Abstract

Introduction

Aromatase inhibitors (AIs) are increasingly used for the adjuvant treatment of hormone receptor-positive breast cancer instead of or in sequence with tamoxifen [1–6]. These medications are more effective than tamoxifen and have less risk of potentially life-threatening toxicities, including thromboembolic disease and endometrial cancer. However, AIs can cause short- and long-term side effects, including menopausal symptoms, bone loss, and musculoskeletal symptoms.

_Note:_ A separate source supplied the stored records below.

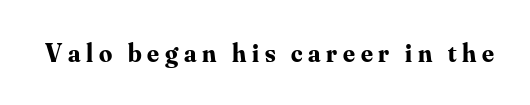
Q: Is the text bold? A: Yes.
Q: Is the text italic (slanted)? A: No, it is upright.
Q: Is the text underlined? A: No.
Q: Is the spacing between letters normal or unusually wide? A: Unusually wide.
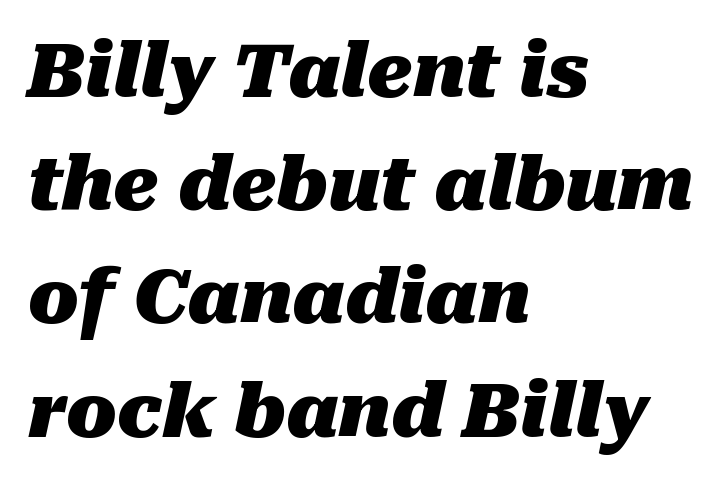
{"italic": "yes", "lean": "right", "slant_degrees": 10, "bold": "yes", "weight": "heavy", "width": "normal", "stroke_contrast": "medium", "x_height": "medium", "monospaced": "no", "underline": "no", "align": "left", "line_spacing": "normal", "line_spacing_ratio": 1.53, "letter_spacing": "normal", "letter_spacing_em": 0.0, "glyph_px": 74}
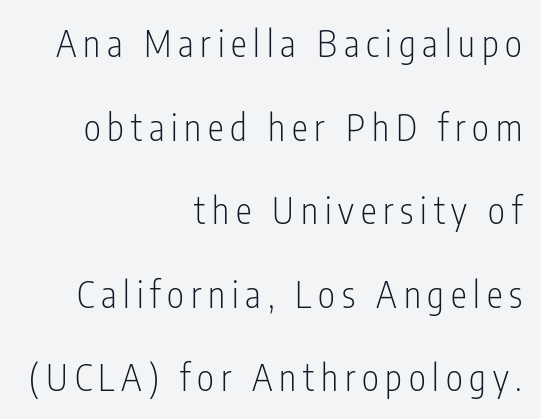
{"serif": "no", "italic": "no", "bold": "no", "weight": "light", "width": "condensed", "stroke_contrast": "low", "x_height": "medium", "monospaced": "no", "underline": "no", "align": "right", "line_spacing": "loose", "line_spacing_ratio": 2.32, "glyph_px": 36}
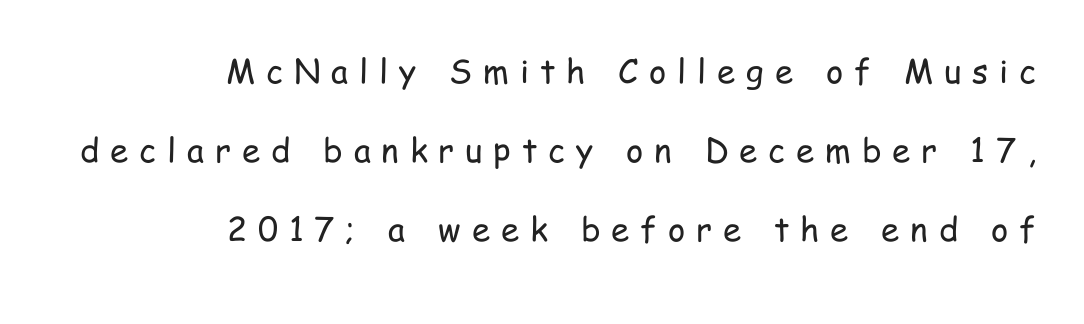
Quick note: underline off. The glyphs in this specimen are sans serif. Bold? No — there's no thickening of the strokes. The leading is generous, giving the passage an open texture. Here the designer chose a conventional face with non-uniform glyph widths. Is the block centered? No — it sits flush against the right margin.
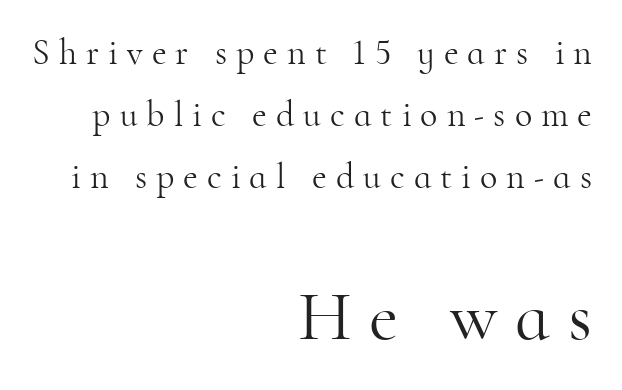
The image shows 71 px light serif type, upright; set right-aligned, line spacing 1.72x, unusually wide letter spacing (+0.25 em), not underlined; the second (bottom) block is 1.97x larger; high stroke contrast and a small x-height.
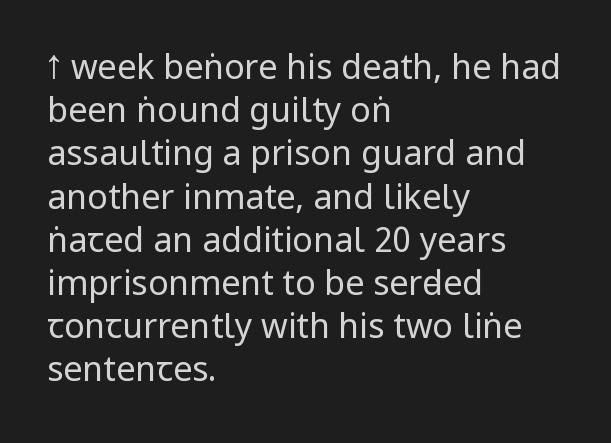
{"serif": "no", "italic": "no", "bold": "no", "weight": "regular", "width": "condensed", "stroke_contrast": "low", "underline": "no", "align": "left", "line_spacing": "normal", "line_spacing_ratio": 1.27, "letter_spacing": "normal", "letter_spacing_em": 0.0, "glyph_px": 34}
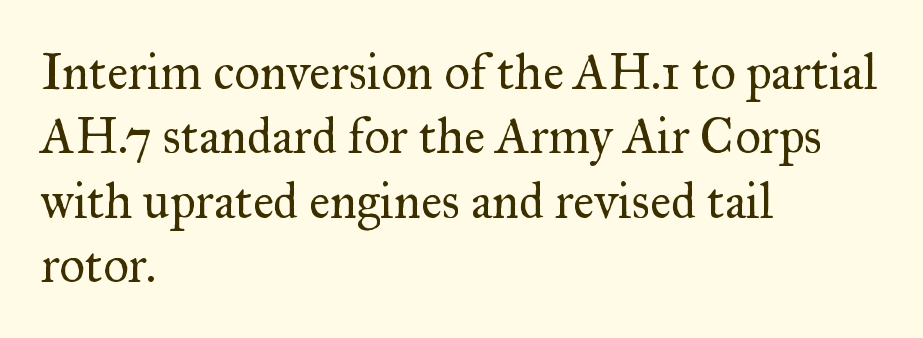
{"serif": "yes", "italic": "no", "bold": "no", "weight": "regular", "width": "normal", "stroke_contrast": "medium", "x_height": "small", "monospaced": "no", "underline": "no", "align": "left", "line_spacing": "normal", "line_spacing_ratio": 1.29, "letter_spacing": "normal", "letter_spacing_em": 0.0, "glyph_px": 50}
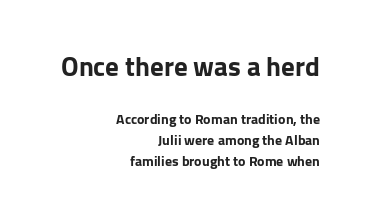
Q: Is the text italic (slanted)? A: No, it is upright.
Q: Is the text underlined? A: No.
Q: How is the paragraph aligned? A: Right-aligned.
Q: Is the spacing between letters normal or unusually wide? A: Normal.
Q: Is the spacing between lines tight, normal or loose? A: Normal.
Q: Which block of text is set in a larger size, the first (top) or the second (bottom)? A: The first (top) one.
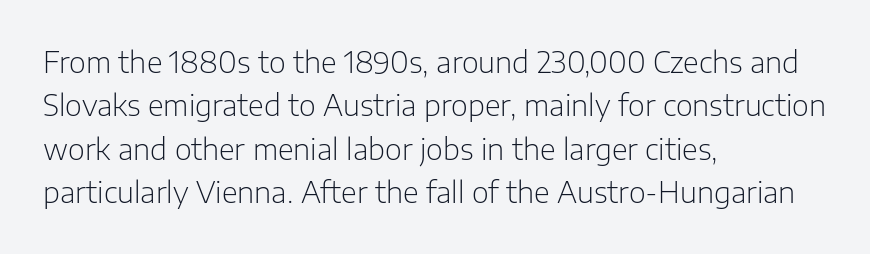
Q: Is the text bold? A: No.
Q: Is the text italic (slanted)? A: No, it is upright.
Q: Is the typeface a serif or a sans-serif typeface? A: Sans-serif.
Q: Is the text underlined? A: No.
Q: How is the paragraph aligned? A: Left-aligned.
Q: Is the spacing between letters normal or unusually wide? A: Normal.
Q: Is the spacing between lines tight, normal or loose? A: Normal.
Q: Width (condensed, normal, or wide)? A: Normal.
Q: Stroke contrast? A: Low.
Q: x-height? A: Medium.
Q: Monospaced? A: No.
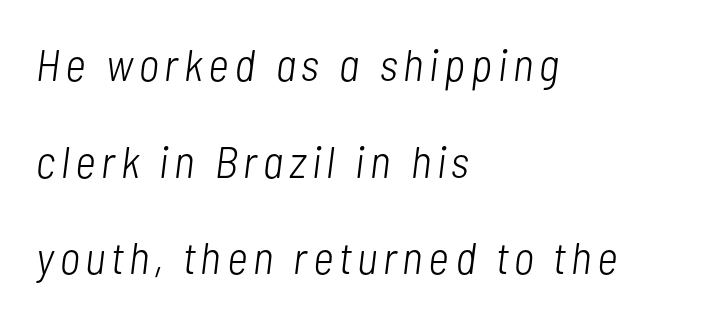
{"italic": "yes", "lean": "right", "slant_degrees": 7, "bold": "no", "weight": "light", "width": "condensed", "stroke_contrast": "low", "x_height": "medium", "monospaced": "no", "underline": "no", "align": "left", "line_spacing": "loose", "line_spacing_ratio": 2.15, "glyph_px": 45}
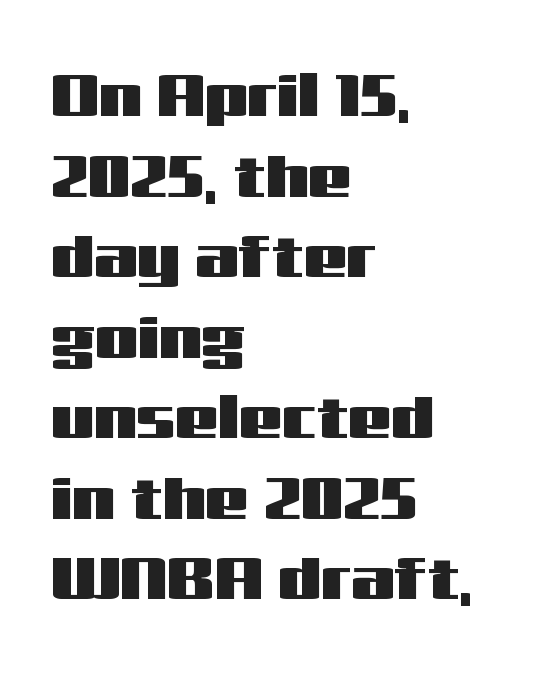
Q: Is the text italic (slanted)? A: No, it is upright.
Q: Is the typeface a serif or a sans-serif typeface? A: Sans-serif.
Q: Is the text underlined? A: No.
Q: How is the paragraph aligned? A: Left-aligned.
Q: Is the spacing between letters normal or unusually wide? A: Normal.
Q: Is the spacing between lines tight, normal or loose? A: Normal.
Q: Width (condensed, normal, or wide)? A: Wide.
Q: Stroke contrast? A: Medium.
Q: x-height? A: Medium.
Q: Monospaced? A: No.
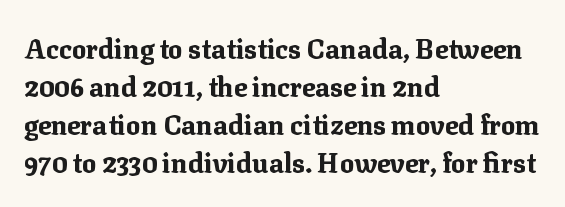
The image shows 27 px bold type, upright; set left-aligned, normal line spacing (1.41x), normal letter spacing, not underlined.
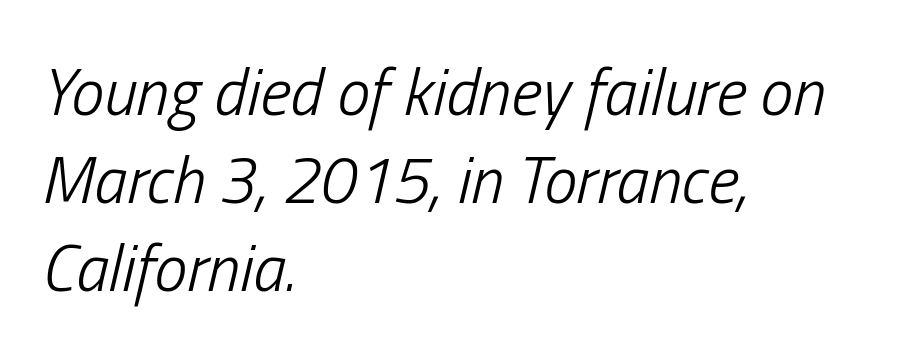
{"italic": "yes", "lean": "right", "slant_degrees": 13, "bold": "no", "weight": "light", "width": "condensed", "stroke_contrast": "low", "x_height": "medium", "monospaced": "no", "underline": "no", "align": "left", "line_spacing": "normal", "line_spacing_ratio": 1.33, "letter_spacing": "normal", "letter_spacing_em": 0.0, "glyph_px": 66}
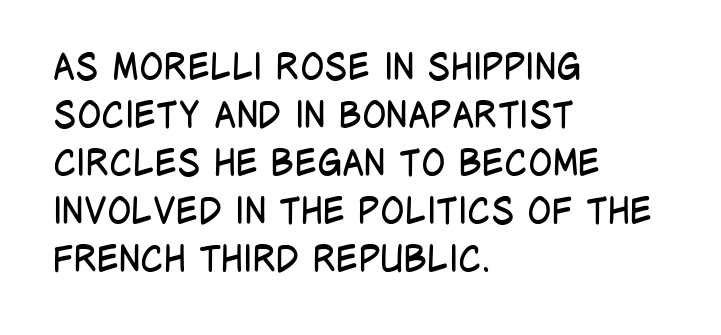
Q: Is the text bold? A: No.
Q: Is the text italic (slanted)? A: No, it is upright.
Q: Is the typeface a serif or a sans-serif typeface? A: Sans-serif.
Q: Is the text underlined? A: No.
Q: How is the paragraph aligned? A: Left-aligned.
Q: Is the spacing between letters normal or unusually wide? A: Normal.
Q: Is the spacing between lines tight, normal or loose? A: Normal.
Q: Width (condensed, normal, or wide)? A: Condensed.
Q: Stroke contrast? A: Low.
Q: x-height? A: Large.
Q: Monospaced? A: No.
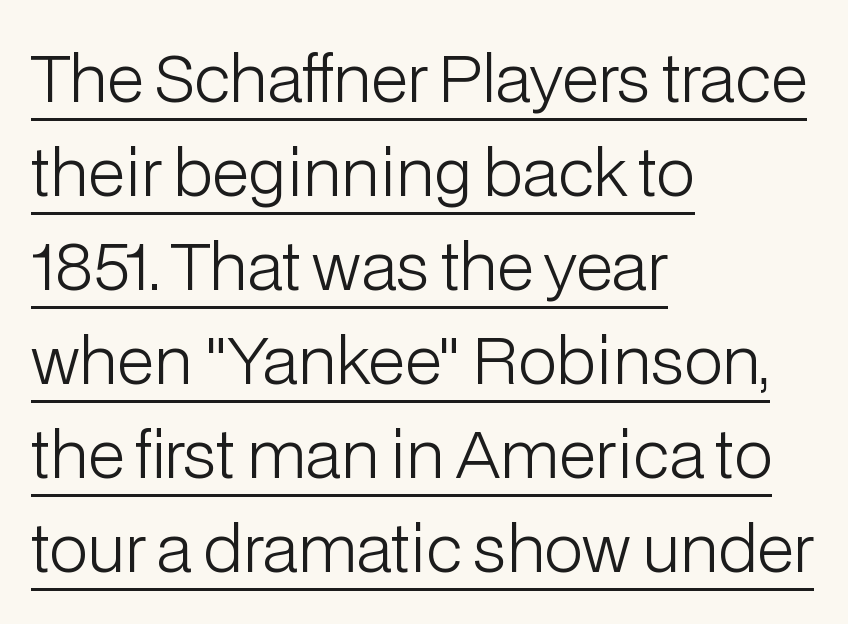
Q: Is the text bold? A: No.
Q: Is the text italic (slanted)? A: No, it is upright.
Q: Is the typeface a serif or a sans-serif typeface? A: Sans-serif.
Q: Is the text underlined? A: Yes.
Q: How is the paragraph aligned? A: Left-aligned.
Q: Is the spacing between letters normal or unusually wide? A: Normal.
Q: Is the spacing between lines tight, normal or loose? A: Normal.
Q: Width (condensed, normal, or wide)? A: Normal.
Q: Stroke contrast? A: Low.
Q: x-height? A: Medium.
Q: Monospaced? A: No.
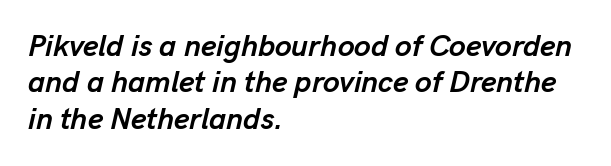
Q: Is the text bold? A: Yes.
Q: Is the text italic (slanted)? A: Yes, it leans right by about 13 degrees.
Q: Is the text underlined? A: No.
Q: How is the paragraph aligned? A: Left-aligned.
Q: Is the spacing between letters normal or unusually wide? A: Normal.
Q: Width (condensed, normal, or wide)? A: Normal.
Q: Stroke contrast? A: Low.
Q: x-height? A: Medium.
Q: Monospaced? A: No.
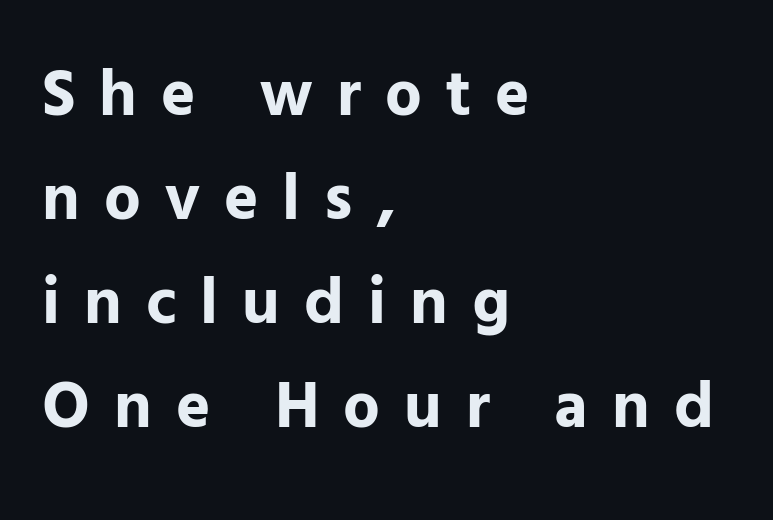
Underlining? Definitely not there. Looks like regular typesetting: each glyph gets only the width it needs. A full-strength bold gives these letters their thick strokes. How are the letters spaced? Widely, with obvious added tracking. Check where the strokes stop: nothing finishes them off — pure sans.
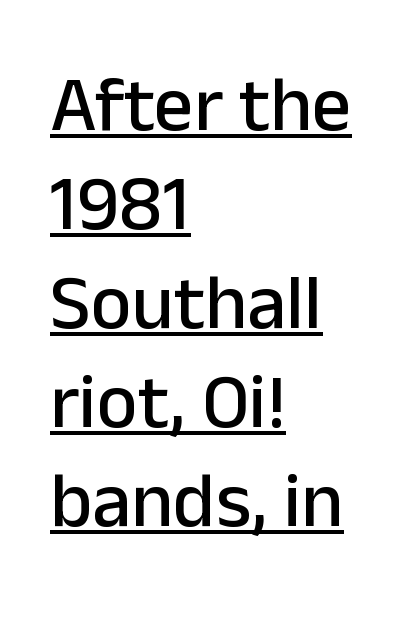
The image shows 78 px sans-serif type, upright; set left-aligned, normal line spacing (1.27x), normal letter spacing, underlined; low stroke contrast and a medium x-height.
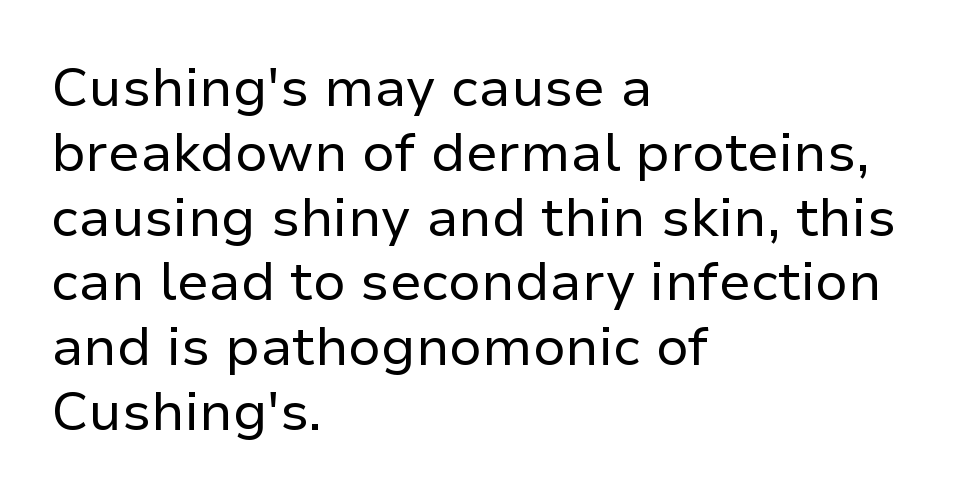
Q: Is the text bold? A: No.
Q: Is the text italic (slanted)? A: No, it is upright.
Q: Is the typeface a serif or a sans-serif typeface? A: Sans-serif.
Q: Is the text underlined? A: No.
Q: How is the paragraph aligned? A: Left-aligned.
Q: Is the spacing between letters normal or unusually wide? A: Normal.
Q: Width (condensed, normal, or wide)? A: Normal.
Q: Stroke contrast? A: Low.
Q: x-height? A: Medium.
Q: Monospaced? A: No.
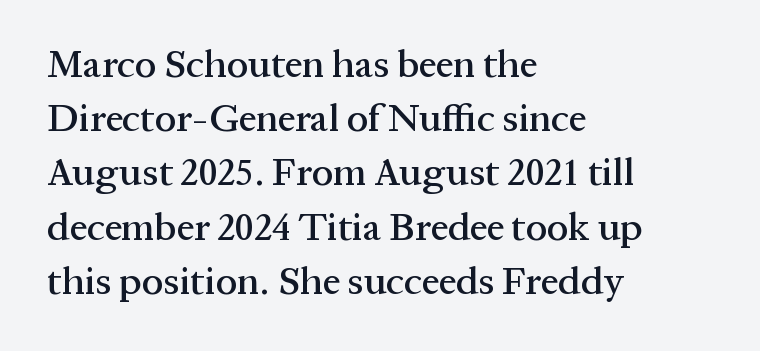
Q: Is the text italic (slanted)? A: No, it is upright.
Q: Is the typeface a serif or a sans-serif typeface? A: Serif.
Q: Is the text underlined? A: No.
Q: How is the paragraph aligned? A: Left-aligned.
Q: Is the spacing between letters normal or unusually wide? A: Normal.
Q: Is the spacing between lines tight, normal or loose? A: Normal.
Q: Width (condensed, normal, or wide)? A: Normal.
Q: Stroke contrast? A: Medium.
Q: x-height? A: Medium.
Q: Monospaced? A: No.
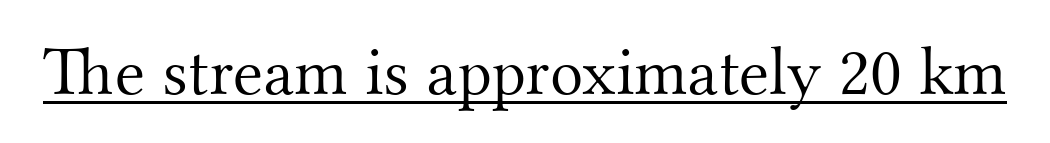
The image shows 69 px light serif type, upright; set normal letter spacing, underlined; medium stroke contrast and a small x-height.
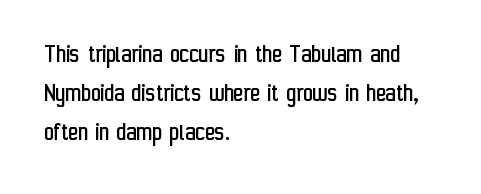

Arthralgias and myalgias have been noted in up to one-third of patients treated with an AI [1–5, 7–9]. The reported incidence of musculoskeletal side effects varies widely across studies due to differences in definitions of toxicity. Based on cross-study comparisons the three AIs appear similar in both the frequency of these symptoms and their characteristics when used in the adjuvant setting. In a direct comparison of letrozole and anastrozole in the metastatic setting, a similar incidence of bone pain was reported for the two drugs [10]. The reported symptoms can substantially impact quality of life, and occasionally lead to early discontinuation of AI therapy in patients who develop severe symptoms [11, 12].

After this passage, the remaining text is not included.